王子様はご主人様!?

重なる想い-輝Side-



「ふぁ〜〜」



「おはよ。お兄ちゃん」



「あぁ、おはよ」



コーヒーをマグカップに注いでいる綾香



「熱は下がった?」


「あぁ、まぁな。心配かけて悪かったな」


「うぅん。」



この様子だと昨日も綾香は家に帰らなかったんだな……



昨日、蒼依が帰ってすぐにまた寝てしまった俺。



そのおかげか、風邪は1日で治った



「あれ……?」



「どうかしたの?」



「イヤ…。
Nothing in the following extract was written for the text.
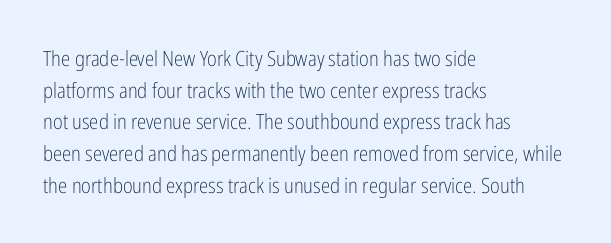
Style check: upright. Leftover space on each line is placed entirely after the last word. The rows are spaced the way most documents space them. The font is comparable to plain body text, perhaps lighter. Honestly, there is no underline to notice here at all. Nobody touched the tracking dial on this one.
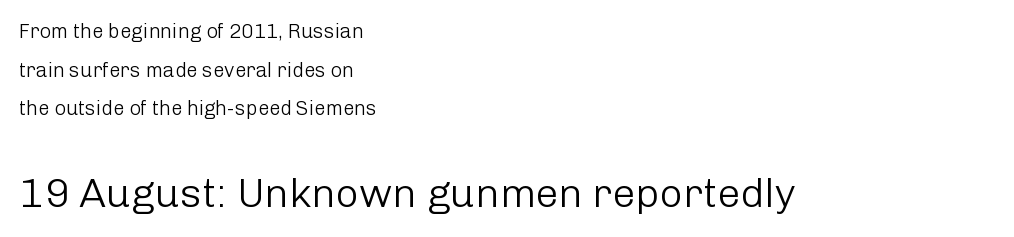
The image shows 41 px light sans-serif type, upright; set left-aligned, loose line spacing (1.93x), normal letter spacing, not underlined; the second (bottom) block is 2.05x larger; low stroke contrast and a medium x-height.

ここにあったタオルしらね?」



花梨から借りっぱなしだったタオル



昨日、ソファーの横に置いてような気がしてたんだけど……



「ど、どっか別の場所に置いたんじゃない?」



うつ向いてそう言った綾香


「そうかな〜?」



「ほら!早く用意しないと、遅刻するよっ!」



「あぁ―…」



仕方ないな……



帰ってから探そ……



あれは絶対に無くせないモノだから……



「ねぇ、お兄ちゃん…」



「ん?」



「お兄ちゃんはあたしだけが一番大事だよね…」


「綾香……?」



「って、やっぱり何でもないっ!あたし一旦家に帰るね」



それだけ言って足早に家を出ていった



……綾香、一体どうしたんだ?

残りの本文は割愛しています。